Girl Crush(2)



This guy was a hodgepodge of decades gone wrong.

“Giselle, what’s wrong?” He trailed after me, stumbling on his own feet.

I flung the bathroom door back open just as Justin righted himself. We both stared at his artwork on my walls, my toilet, my floor, my rug, and the pedestal of my sink that was a solid three feet away from the bowl of the commode. My hands pushed the cleaning supplies into his chest, and as he awkwardly accepted them, I folded my arms across my breasts.

“I’ll be damned if I’m going to clean up after a grown man. Clean up your own piss, and then get the hell out of my house.”

Justin stared at me like I’d sprouted a second head, but when I cocked my hip and pursed my lips, he got to spraying.

“What the hell were you doing? Drawing our initials on the wall? I don’t even want to know how you got urine on the sink.”

Apparently, Justin wasn’t used to being talked to in such a direct manner, but it also explained why he still lived at home…with his mother.
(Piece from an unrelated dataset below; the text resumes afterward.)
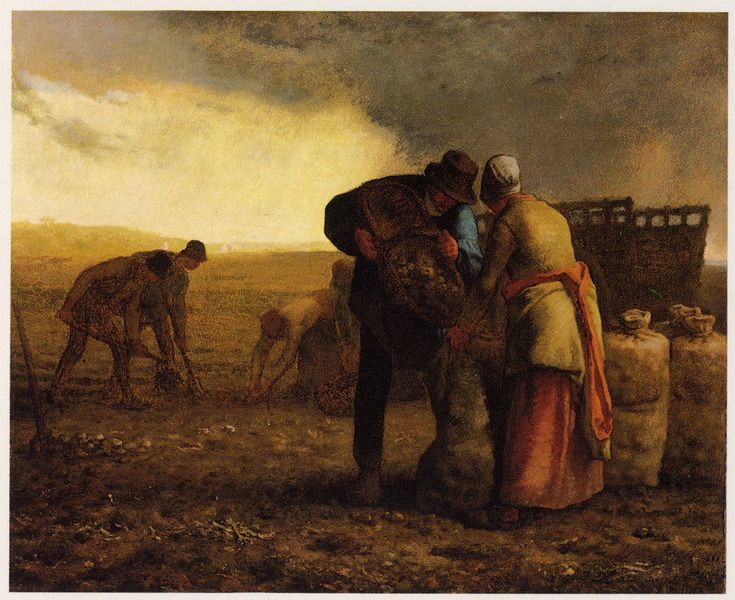
Titel: Die Kartoffelernte
Künstler: Jean François Millet
Standort: Baltimore (Maryland)
Institution: The Walters Art Gallery
Schlagwörter: blau, dunkel, gemälde, gewitter, himmel, mann, schatten, schurz, weiß, wolken, frauen, gelb, landschaft, menschen, ocker, abend, braun, frankreich, frau, grau, hut, hüte, kleid, kleider, licht, männer, orange, gras, gürtel, rasen, rot, haube, malerei, rock, schleife, zylinder, jacke, mütze, arm, arme, gesicht, halten, mensch, ärmel, öl, dämmerung, erde, feld, horizont, hügel, sonne, boden, land, gold, haare, mantel, realismus, schnur, stehend, paar, england, rosa, arbeit, bauern, genre, karren, sack, frucht, gemüse, ton, pflücken, schürze, magd, sommer, genrebild, genremalerei, naturalismus, acker, arbeiten, bäuerin, ernte, feldarbeit, hart, korn, sammeln, säcke, warm, dorf, sonnenuntergang, kutsche, arbeiter, wagen, romantik, sturm, unwetter, wetter, kopftuch, lesen, manet, korb, bauer, regen, bücken, strahlen, erdfarben, knien, ehepaar, ackerfrucht, kartoffel, kartoffelacker, kartoffeln, tonig, landwirtschaft, gebückt, graben, barbizon, armut, landarbeit, milet, hacke, schaufel, spaten, gabel, knecht, scholle, mühe, aufsammeln, leiterwagen, krume, landwirt, rüben, millet, ernten, schütten, füllen, kartoffelernte, heugabel, gabeln, kartoffelsäcke, harke, heugabeln, amisch, einfüllen, schule von barbizon, umfüllen, jean-francois millet, kartoffelsack, aufhalten, arbeiten auf feld, blaues hemdsärmel, ladden, licht im hintergrund, schon wieder?, hartoffel, ernteszene

A tidbit I’d learned at dinner that was not mentioned in his dating profile. This was all the confirmation I needed—it was Tinder from here on out. When he finished, he tried to hand me the soiled paper towels.

“You’re kidding me, right?” I pointed toward the wastebasket. “You can put them in the trash yourself.” I snatched the cleaning supplies from him, and the moment he chucked the mess, I escorted him from my home. I might have growled when I closed the door behind him.
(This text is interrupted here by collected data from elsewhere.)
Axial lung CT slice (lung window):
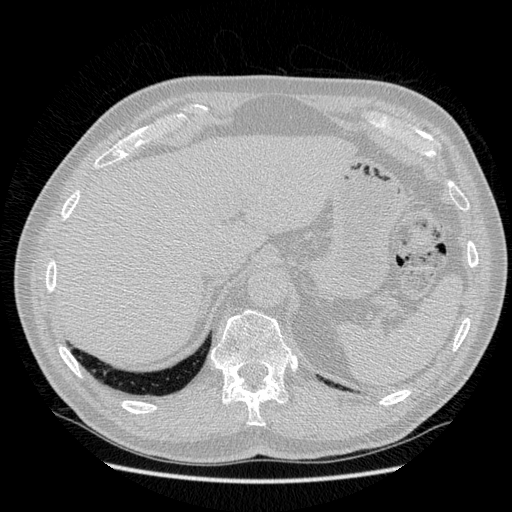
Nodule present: no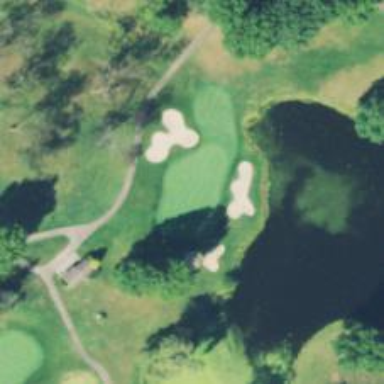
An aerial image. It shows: View of golf hole.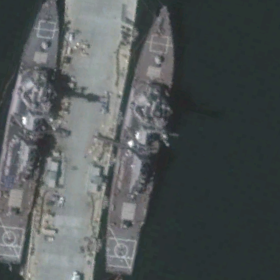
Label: destroyer
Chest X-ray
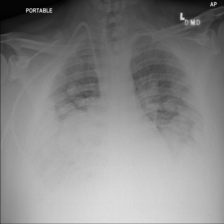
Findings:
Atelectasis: negative
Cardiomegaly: negative
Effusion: positive
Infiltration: negative
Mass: positive
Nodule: negative
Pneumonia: negative
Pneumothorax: negative
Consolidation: negative
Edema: negative
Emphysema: negative
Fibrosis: negative
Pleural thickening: negative
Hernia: negative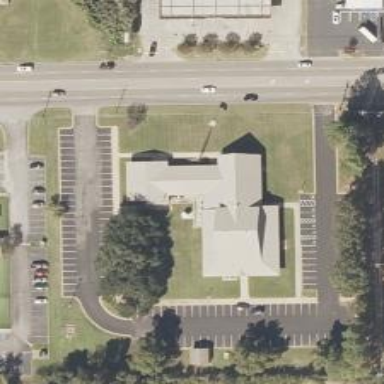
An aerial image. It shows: Beautiful church building.

Sexually frustrated, with no viable option other than self-gratification, I retrieved my dead vibrator and made use of it as a dildo sitting on top of the washing machine on spin cycle.





1





I was done.

Done with men.

Women say it all the time; they get fed up, throw their hands in the air, and vow a life of celibacy—until the next chiseled chest comes into view, and then they’re foaming at the mouth and wiping the drool from their chin. But this was different, I really meant it.

I’d been manhandled by the last pig that would ever bring his sausage near me. After one of the nastiest divorces in history, followed by some of the crudest and raunchiest dates, I’d decided to bat for the other team.

Ronnie roared with laughter as I made my proclamation. Just before her features cleared, she realized my mind was set. “Giselle, you don’t just decide to become a lesbian. You either are, or you aren’t, and based on the fact you’ve been sucking stick instead of going down to Taco Town since puberty, it’s unlikely you just missed the signs.”

My best friend, Veronica, would know. She was the girl every guy wanted, every girl wanted to be, and in the end, she preferred fish to hot dogs. At least if I made the switch late in the game, I had someone to show me the ropes, teach me the Jedi ways.

“What happened this time?” Ronnie knew all the gory details from every failed attempt at a relationship or date since I’d gotten my first kiss.

Sitting in the darkened bar, I swung my feet under the high stool and twirled my drink in the pretentious glass it had been served in. Bars had moved up a notch since the last time I’d dated—thank God someone finally outlawed smoking in these tiny places. Not only could you see the person you came with, but you could also breathe long enough to enjoy a drink.

Justin. That’s what had happened this time. Justin happened.

“He peed on my walls, Ronnie. And then he seemed surprised I was offended by it.”

She raised her eyebrows and pursed her lips. Nodding her head, she confirmed she knew how savage the male species could be. “Men are gross, Gizzy. But you can’t just decide you’re going to be a switch-hitter. You’ve been practicing the wrong game for too many years.” She was humored by the entire conversation, but I wasn’t kidding.

“Are you going to help me or not?” I was on the verge of pouting and wasn’t above doing it if it would help me get my way.

“Help you what? Pretend to be a lesbian?”

“I’m not pretending. I want out. People switch careers, why can’t they change sexuality?”

“Please refer to my previous comment: you don’t just decide to eat pussy, Giselle.”

“I’m assuming it’s like beer…an acquired taste.”

She spat her Cosmopolitan across the table and quickly grabbed a napkin to pat her lips dry.

“What? I didn’t like dick the first time I tasted that shit, either. Be real. No bodily fluid tastes good. It’s the feeling you impart that makes you love the taste you’re chasing.” I wanted to smack her—Veronica was making this entirely too complicated. “Look, I just need you to show me the ropes. Give me some dating pointers. The how-to guide to wooing the hoo hoo.”

She sat back against the chair and crossed her mile-long legs. Her perfect breasts sat on display while her ample cleavage peeked over the top of her blouse. Veronica was sex on a stick and knew everyone in town.

“I think that might be against the rules.”

“Don’t be coy with me, you whore. I know where the bodies are buried. Spill it.”

Her laugh echoed through the empty bar. When I didn’t budge, and my facial expression remained stoic, she leaned in with her elbows on the table. “You’re not expecting me to show you, right?”